[[ SOURCE MATERIAL, beginning ]]
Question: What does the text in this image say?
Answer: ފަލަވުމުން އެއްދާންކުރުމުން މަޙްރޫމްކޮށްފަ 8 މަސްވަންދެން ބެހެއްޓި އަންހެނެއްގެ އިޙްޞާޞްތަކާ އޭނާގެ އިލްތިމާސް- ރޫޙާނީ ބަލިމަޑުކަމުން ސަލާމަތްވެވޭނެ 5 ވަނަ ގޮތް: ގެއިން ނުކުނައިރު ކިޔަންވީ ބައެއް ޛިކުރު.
[[ SOURCE MATERIAL, end ]]
[[ SOURCE MATERIAL, beginning ]]
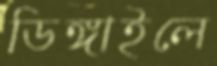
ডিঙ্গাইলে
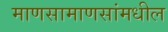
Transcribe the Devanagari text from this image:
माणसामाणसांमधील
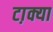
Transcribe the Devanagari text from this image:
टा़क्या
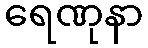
[[ SOURCE MATERIAL, end ]]
Return only the part of the records above that opens with the line containing "Question: What does" and closes with the line containing "Answer: ފަލަވުމުން އެއްދާންކުރުމުން", ends included.

Question: What does the text in this image say?
Answer: ފަލަވުމުން އެއްދާންކުރުމުން މަޙްރޫމްކޮށްފަ 8 މަސްވަންދެން ބެހެއްޓި އަންހެނެއްގެ އިޙްޞާޞްތަކާ އޭނާގެ އިލްތިމާސް- ރޫޙާނީ ބަލިމަޑުކަމުން ސަލާމަތްވެވޭނެ 5 ވަނަ ގޮތް: ގެއިން ނުކުނައިރު ކިޔަންވީ ބައެއް ޛިކުރު.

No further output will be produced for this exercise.